If I instead run cProfile as a module over the entire script (i.e., python -m cProfile -s time test_return_delay.py
), it does at least show there's an issue, but it doesn't seem to give any indication where it's coming from as far as I can tell:
788549 function calls (774939 primitive calls) in 12.372 seconds
Ordered by: internal time
ncalls tottime percall cumtime percall filename:lineno(function)
1 11.257 11.257 11.257 11.257 {method 'enable' of '_lsprof.Profiler' objects}
808 0.173 0.000 0.173 0.000 {built-in method io.open_code}
3514 0.124 0.000 0.124 0.000 {built-in method nt.stat}
157 0.094 0.001 0.097 0.001 {built-in method _imp.create_dynamic}
808 0.076 0.000 0.076 0.000 {built-in method marshal.loads}
808 0.045 0.000 0.045 0.000 {method 'read' of '_io.BufferedReader' objects}
6273 0.033 0.000 0.051 0.000 <frozen importlib._bootstrap_external>:96(_path_join)
1066/1 0.025 0.000 12.373 12.373 {built-in method builtins.exec}
391 0.025 0.000 0.067 0.000 doccer.py:13(docformat)
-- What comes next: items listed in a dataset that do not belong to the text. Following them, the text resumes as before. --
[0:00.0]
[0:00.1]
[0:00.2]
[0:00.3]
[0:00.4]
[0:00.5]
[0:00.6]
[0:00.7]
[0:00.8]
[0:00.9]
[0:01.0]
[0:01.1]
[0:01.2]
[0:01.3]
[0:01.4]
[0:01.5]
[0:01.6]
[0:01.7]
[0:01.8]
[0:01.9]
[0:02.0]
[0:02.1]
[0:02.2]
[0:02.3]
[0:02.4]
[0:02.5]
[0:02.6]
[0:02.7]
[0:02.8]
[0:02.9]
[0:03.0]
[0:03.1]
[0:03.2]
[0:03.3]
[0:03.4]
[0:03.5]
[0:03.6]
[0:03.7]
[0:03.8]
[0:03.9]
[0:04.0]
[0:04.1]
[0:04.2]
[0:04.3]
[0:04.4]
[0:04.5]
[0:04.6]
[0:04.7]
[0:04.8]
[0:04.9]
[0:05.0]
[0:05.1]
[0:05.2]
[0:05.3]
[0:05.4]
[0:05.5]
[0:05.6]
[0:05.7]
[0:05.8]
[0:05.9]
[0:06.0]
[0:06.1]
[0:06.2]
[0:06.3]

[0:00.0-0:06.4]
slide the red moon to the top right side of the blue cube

1701/1692 0.020 0.000 0.086 0.000 {built-in method builtins.__build_class__}
157/126 0.016 0.000 0.084 0.001 {built-in method _imp.exec_dynamic}
399 0.011 0.000 0.019 0.000 doccer.py:180(indentcount_lines)
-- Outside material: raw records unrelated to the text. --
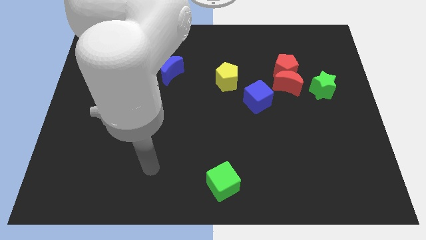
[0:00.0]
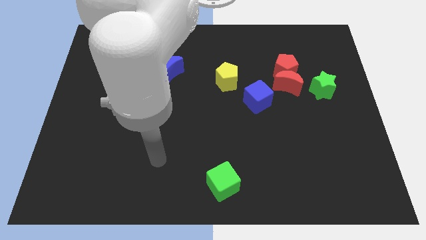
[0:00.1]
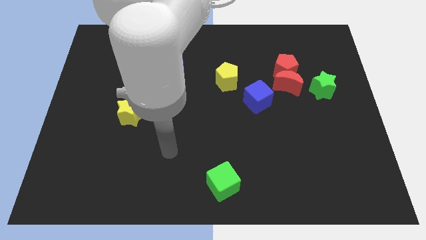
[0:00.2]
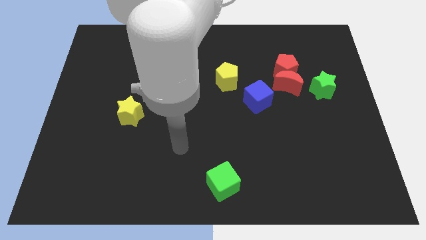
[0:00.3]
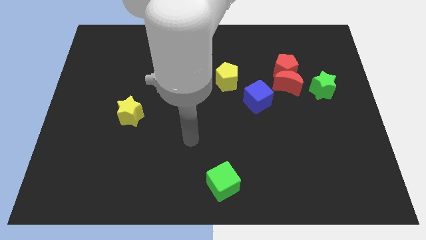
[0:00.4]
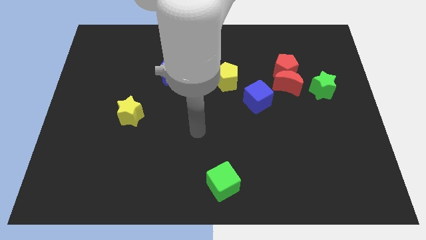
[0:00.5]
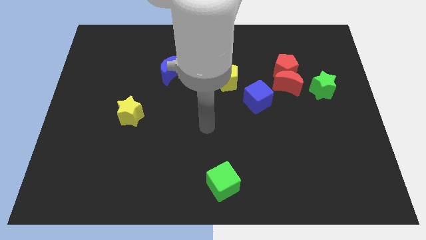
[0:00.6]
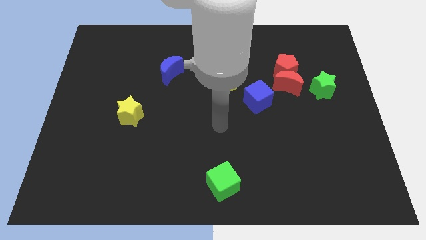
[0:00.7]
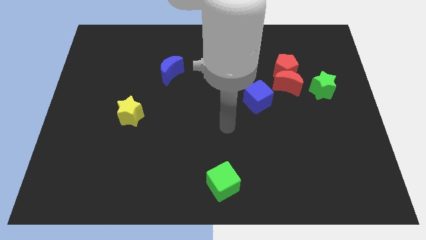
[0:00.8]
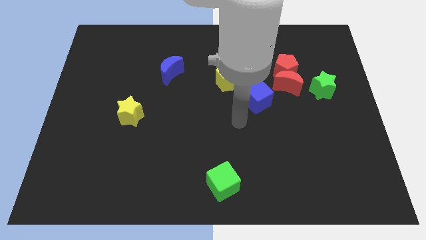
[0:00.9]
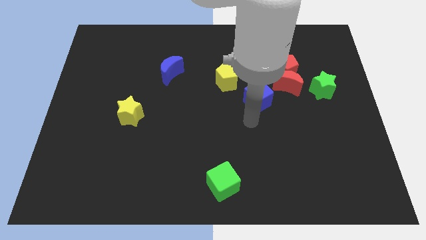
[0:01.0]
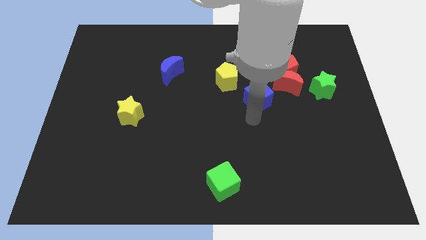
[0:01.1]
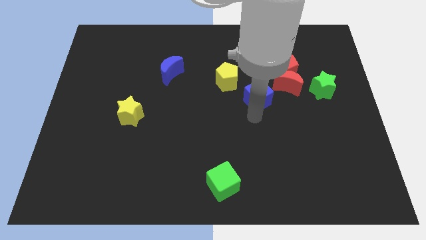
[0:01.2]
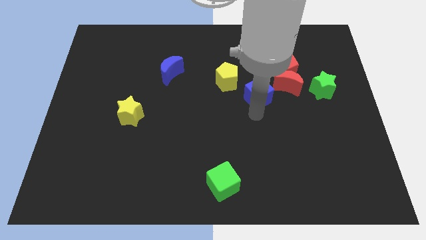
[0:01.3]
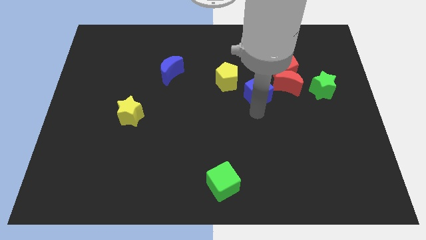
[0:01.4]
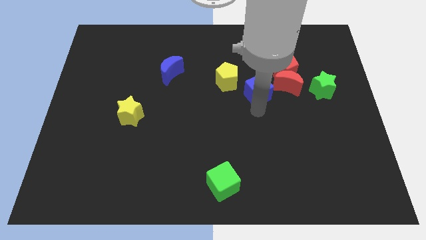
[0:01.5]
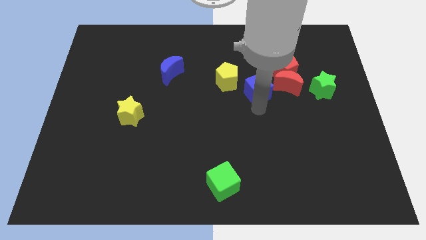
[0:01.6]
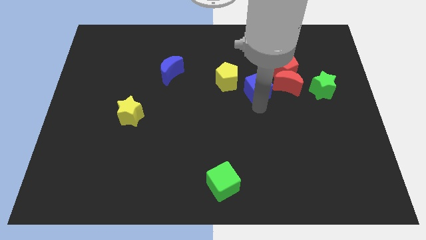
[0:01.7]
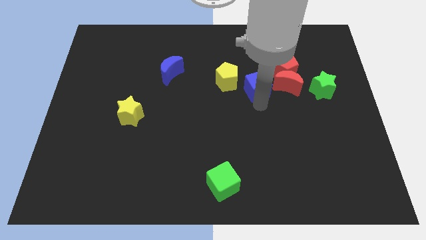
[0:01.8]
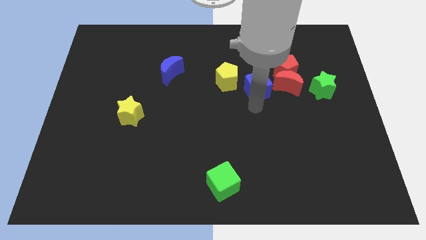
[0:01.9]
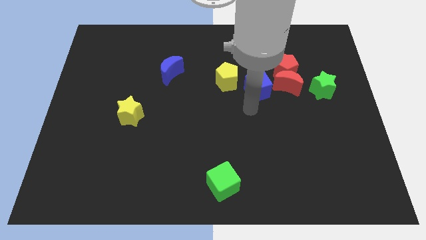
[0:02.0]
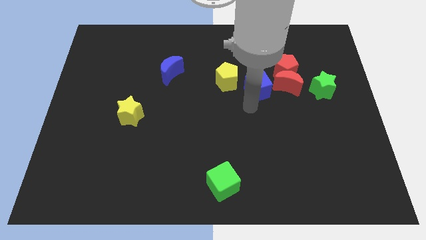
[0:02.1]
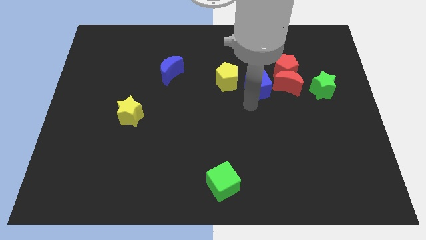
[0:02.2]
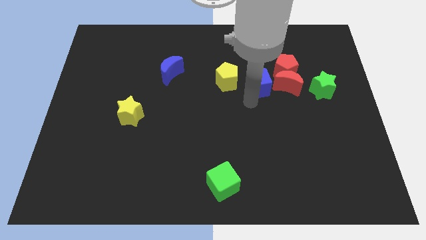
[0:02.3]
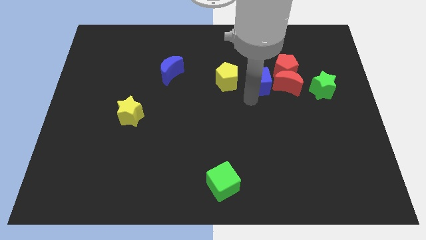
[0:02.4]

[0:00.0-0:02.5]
push the blue cube diagonally up and to the left of the red moon

1359 0.011 0.000 0.161 0.000 <frozen importlib._bootstrap_external>:1536(find_spec)
9043 0.009 0.000 0.009 0.000 {method 'splitlines' of 'str' objects}
499/100 0.009 0.000 0.025 0.000 sre_parse.py:494(_parse)
809 0.009 0.000 0.009 0.000 {method '__exit__' of '_io._IOBase' objects}
17871 0.009 0.000 0.009 0.000 {built-in method builtins.getattr}
808 0.008 0.000 0.367 0.000 <frozen importlib._bootstrap_external>:950(get_code)
100236 0.008 0.000 0.008 0.000 {method 'append' of 'list' objects}
1013/842 0.007 0.000 0.337 0.000 <frozen importlib._bootstrap>:921(_find_spec)
1040/2 0.007 0.000 1.116 0.558 <frozen importlib._bootstrap>:1022(_find_and_load)
9075 0.007 0.000 0.007 0.000 {method 'expandtabs' of 'str' objects}
671 0.007 0.000 0.020 0.000 inspect.py:2280(_signature_from_function)
1 0.006 0.006 0.006 0.006 memory.py:371(MemorizedFunc)
...
Where might the issue lie, or how can I further debug?
I've simplified the example and raised the issue on scikit-learn's repository. The fix seems to be to have KDTree (and the other nearest neighbor classes) generate nested lists like scipy.spatial.KDTree
does, rather than the current method of using arrays as the nested object.